● **Exercise directions**
Please give again, exactly and only, the stretch of lines from the one containing "Antwoord: Centrale Raad van Beroep" to the end of the entries below.

● **Task input**
════════════════════

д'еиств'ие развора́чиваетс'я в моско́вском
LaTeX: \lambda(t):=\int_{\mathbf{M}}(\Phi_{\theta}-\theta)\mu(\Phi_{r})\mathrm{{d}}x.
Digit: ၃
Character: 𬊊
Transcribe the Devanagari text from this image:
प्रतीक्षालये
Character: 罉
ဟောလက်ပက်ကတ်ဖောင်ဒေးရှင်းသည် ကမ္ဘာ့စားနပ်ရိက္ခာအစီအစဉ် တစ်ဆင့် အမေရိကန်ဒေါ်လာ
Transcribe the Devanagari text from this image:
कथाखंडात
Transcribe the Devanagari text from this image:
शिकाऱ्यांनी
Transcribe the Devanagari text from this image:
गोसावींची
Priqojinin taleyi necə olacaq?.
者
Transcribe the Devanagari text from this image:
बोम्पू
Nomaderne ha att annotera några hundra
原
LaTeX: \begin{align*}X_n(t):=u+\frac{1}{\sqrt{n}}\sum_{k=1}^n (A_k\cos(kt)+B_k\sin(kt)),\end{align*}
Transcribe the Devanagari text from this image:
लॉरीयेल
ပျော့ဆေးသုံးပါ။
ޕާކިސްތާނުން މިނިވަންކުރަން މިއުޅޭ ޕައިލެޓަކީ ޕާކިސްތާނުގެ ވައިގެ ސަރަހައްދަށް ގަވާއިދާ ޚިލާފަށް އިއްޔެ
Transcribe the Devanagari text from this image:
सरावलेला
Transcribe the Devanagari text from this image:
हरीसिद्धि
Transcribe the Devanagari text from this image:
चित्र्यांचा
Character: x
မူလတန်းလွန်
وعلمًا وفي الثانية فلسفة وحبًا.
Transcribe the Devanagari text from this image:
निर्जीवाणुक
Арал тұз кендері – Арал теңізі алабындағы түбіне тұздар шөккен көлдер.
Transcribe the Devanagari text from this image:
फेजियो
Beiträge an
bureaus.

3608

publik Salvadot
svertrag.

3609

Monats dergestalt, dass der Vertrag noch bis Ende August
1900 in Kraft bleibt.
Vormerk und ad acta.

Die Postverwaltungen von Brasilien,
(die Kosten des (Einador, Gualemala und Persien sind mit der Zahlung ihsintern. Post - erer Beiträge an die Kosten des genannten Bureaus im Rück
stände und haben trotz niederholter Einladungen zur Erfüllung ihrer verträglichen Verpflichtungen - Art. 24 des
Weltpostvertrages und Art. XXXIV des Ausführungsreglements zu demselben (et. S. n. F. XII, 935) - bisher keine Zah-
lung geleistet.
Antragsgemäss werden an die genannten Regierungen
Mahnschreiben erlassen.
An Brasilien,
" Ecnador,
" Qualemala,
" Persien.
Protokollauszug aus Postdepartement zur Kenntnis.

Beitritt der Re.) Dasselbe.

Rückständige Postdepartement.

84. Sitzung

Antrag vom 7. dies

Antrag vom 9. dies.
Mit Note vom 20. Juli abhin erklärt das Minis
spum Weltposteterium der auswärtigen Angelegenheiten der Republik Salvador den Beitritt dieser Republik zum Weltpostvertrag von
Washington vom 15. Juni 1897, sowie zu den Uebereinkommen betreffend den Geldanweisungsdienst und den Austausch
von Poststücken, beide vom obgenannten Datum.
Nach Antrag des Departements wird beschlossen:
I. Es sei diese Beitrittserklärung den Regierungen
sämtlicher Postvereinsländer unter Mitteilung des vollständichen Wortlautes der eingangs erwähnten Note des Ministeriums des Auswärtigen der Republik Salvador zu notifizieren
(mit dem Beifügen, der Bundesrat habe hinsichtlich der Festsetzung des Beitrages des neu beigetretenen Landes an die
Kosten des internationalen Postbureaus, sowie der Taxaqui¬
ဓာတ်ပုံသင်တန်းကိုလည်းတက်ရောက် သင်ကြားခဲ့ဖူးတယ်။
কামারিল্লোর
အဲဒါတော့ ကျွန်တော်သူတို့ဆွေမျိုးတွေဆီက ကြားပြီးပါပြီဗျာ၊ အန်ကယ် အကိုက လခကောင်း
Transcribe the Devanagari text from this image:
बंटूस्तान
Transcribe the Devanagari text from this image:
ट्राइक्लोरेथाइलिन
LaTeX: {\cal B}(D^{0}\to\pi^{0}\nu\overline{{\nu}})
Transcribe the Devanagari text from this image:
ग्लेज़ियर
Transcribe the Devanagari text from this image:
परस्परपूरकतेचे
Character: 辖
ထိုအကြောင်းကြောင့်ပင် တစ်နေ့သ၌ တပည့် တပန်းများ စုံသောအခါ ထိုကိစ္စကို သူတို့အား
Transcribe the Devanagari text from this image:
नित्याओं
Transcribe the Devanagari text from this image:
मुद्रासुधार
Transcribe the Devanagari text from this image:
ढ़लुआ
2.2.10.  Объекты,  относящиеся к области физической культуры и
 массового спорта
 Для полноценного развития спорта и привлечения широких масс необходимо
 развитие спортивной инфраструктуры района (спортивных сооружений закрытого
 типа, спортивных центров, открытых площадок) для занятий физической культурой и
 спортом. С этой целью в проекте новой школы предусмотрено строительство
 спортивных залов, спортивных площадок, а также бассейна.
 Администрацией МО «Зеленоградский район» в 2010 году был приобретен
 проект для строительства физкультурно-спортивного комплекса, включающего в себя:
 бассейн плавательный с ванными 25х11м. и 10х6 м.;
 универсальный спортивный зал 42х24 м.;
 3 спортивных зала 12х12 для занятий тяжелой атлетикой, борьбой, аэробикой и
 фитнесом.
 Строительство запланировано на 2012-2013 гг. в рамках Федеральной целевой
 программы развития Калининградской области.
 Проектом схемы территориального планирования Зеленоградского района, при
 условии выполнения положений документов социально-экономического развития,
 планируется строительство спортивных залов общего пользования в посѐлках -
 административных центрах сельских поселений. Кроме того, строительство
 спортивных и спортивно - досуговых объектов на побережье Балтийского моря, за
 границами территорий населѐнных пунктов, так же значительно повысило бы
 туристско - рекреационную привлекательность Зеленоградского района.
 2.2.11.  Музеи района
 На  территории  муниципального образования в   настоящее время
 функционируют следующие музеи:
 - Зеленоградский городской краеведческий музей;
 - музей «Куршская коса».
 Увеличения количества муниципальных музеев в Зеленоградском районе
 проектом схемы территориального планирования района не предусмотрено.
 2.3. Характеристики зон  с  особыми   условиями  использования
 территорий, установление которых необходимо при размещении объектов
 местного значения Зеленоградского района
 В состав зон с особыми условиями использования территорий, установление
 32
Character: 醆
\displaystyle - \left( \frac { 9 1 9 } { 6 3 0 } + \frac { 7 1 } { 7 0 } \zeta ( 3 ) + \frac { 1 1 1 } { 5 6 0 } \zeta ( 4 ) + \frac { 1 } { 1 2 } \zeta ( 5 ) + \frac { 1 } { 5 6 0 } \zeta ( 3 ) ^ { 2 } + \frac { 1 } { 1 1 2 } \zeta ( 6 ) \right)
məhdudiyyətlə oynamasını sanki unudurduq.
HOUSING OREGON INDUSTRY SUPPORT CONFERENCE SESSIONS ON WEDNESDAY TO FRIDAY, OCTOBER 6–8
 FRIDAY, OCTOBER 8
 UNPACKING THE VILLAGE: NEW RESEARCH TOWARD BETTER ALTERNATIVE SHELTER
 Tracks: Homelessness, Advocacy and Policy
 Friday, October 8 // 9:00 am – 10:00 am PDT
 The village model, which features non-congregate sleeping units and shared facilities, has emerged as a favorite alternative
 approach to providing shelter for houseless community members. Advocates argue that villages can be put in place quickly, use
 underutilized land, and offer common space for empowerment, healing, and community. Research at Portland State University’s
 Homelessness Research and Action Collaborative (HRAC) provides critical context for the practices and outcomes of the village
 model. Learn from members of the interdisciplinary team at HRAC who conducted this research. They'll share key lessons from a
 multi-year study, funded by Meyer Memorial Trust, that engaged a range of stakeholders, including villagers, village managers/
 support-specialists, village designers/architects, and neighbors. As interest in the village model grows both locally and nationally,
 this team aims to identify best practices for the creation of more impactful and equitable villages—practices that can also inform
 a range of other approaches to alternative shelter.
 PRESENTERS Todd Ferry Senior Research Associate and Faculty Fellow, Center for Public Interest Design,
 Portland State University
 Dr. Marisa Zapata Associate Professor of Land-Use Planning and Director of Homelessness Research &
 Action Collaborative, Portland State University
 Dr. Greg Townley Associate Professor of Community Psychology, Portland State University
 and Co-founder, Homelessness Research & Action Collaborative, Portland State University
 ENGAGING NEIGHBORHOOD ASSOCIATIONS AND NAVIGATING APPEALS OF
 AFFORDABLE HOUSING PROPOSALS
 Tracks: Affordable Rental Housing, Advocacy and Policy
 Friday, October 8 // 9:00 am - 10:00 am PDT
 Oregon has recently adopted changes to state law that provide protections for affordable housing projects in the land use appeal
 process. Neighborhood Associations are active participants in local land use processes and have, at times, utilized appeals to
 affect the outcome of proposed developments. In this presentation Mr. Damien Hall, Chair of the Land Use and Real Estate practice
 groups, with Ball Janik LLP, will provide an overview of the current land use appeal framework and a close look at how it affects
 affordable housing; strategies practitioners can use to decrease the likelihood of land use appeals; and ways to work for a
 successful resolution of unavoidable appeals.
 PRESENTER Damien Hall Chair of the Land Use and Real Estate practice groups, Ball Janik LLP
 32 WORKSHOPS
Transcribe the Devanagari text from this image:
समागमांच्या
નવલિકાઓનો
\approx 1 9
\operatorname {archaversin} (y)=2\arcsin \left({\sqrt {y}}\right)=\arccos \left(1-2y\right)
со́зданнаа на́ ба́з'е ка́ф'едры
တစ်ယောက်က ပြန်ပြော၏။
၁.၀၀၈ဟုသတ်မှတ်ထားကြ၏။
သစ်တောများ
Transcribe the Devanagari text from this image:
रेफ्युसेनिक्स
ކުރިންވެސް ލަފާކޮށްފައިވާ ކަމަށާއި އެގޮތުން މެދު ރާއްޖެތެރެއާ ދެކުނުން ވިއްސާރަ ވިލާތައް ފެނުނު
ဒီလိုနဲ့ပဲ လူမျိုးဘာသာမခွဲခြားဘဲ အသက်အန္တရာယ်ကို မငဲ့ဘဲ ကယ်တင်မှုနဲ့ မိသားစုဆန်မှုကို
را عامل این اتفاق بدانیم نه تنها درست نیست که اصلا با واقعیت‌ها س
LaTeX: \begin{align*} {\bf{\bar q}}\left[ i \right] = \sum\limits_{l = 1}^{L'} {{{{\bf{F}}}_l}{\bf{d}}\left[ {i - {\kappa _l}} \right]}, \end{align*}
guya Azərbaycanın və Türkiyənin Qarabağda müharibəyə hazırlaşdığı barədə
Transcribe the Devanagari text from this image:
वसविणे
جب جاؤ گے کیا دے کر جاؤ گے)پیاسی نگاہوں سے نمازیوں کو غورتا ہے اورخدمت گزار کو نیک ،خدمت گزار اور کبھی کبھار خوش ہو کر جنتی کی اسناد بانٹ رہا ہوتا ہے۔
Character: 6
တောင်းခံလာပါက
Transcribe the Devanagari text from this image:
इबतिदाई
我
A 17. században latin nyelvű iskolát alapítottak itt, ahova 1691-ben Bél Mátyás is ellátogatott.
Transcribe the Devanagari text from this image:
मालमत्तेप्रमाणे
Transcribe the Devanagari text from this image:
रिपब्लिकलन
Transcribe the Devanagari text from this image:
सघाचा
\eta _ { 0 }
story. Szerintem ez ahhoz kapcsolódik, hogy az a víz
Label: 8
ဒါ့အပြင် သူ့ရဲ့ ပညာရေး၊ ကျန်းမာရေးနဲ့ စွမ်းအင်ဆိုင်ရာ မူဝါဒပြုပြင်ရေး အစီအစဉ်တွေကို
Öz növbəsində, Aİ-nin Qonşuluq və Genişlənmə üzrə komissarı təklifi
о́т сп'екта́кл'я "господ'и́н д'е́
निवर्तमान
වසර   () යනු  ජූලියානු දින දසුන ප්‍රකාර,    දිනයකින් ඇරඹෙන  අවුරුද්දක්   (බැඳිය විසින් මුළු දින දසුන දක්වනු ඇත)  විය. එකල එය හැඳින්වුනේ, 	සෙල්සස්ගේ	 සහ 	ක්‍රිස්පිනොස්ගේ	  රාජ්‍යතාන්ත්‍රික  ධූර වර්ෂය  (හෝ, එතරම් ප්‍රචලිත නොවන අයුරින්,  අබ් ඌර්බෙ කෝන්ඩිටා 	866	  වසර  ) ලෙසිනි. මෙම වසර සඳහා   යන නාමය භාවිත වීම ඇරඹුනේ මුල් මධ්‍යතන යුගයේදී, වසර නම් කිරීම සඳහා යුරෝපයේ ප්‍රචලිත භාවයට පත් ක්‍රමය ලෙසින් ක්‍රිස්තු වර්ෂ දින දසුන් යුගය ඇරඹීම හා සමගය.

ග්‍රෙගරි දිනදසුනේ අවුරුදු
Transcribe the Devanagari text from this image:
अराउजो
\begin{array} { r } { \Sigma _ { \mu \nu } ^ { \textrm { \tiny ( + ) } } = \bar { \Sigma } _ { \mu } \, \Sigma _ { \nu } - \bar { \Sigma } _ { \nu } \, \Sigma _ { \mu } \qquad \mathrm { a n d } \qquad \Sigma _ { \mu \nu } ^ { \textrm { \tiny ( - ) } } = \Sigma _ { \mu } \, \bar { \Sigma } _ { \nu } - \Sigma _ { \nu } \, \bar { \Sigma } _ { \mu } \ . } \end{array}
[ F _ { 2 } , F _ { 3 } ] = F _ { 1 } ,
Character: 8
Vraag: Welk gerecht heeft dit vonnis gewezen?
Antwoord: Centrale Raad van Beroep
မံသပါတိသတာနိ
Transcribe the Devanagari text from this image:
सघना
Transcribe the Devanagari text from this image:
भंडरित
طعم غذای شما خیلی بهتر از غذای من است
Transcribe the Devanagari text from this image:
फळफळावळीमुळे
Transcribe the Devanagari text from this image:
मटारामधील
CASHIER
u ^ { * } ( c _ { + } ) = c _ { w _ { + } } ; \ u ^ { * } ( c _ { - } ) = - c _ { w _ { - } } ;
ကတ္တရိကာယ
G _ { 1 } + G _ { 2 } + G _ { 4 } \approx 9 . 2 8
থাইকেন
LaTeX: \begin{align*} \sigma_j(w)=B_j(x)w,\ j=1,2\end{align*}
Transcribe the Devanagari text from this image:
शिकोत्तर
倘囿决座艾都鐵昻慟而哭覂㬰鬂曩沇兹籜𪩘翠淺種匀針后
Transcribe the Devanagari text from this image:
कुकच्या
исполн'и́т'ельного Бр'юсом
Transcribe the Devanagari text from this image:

════════════════════

● **Solved exercise**
Antwoord: Centrale Raad van Beroep
မံသပါတိသတာနိ
Transcribe the Devanagari text from this image:
सघना
Transcribe the Devanagari text from this image:
भंडरित
طعم غذای شما خیلی بهتر از غذای من است
Transcribe the Devanagari text from this image:
फळफळावळीमुळे
Transcribe the Devanagari text from this image:
मटारामधील
CASHIER
u ^ { * } ( c _ { + } ) = c _ { w _ { + } } ; \ u ^ { * } ( c _ { - } ) = - c _ { w _ { - } } ;
ကတ္တရိကာယ
G _ { 1 } + G _ { 2 } + G _ { 4 } \approx 9 . 2 8
থাইকেন
LaTeX: \begin{align*} \sigma_j(w)=B_j(x)w,\ j=1,2\end{align*}
Transcribe the Devanagari text from this image:
शिकोत्तर
倘囿决座艾都鐵昻慟而哭覂㬰鬂曩沇兹籜𪩘翠淺種匀針后
Transcribe the Devanagari text from this image:
कुकच्या
исполн'и́т'ельного Бр'юсом
Transcribe the Devanagari text from this image:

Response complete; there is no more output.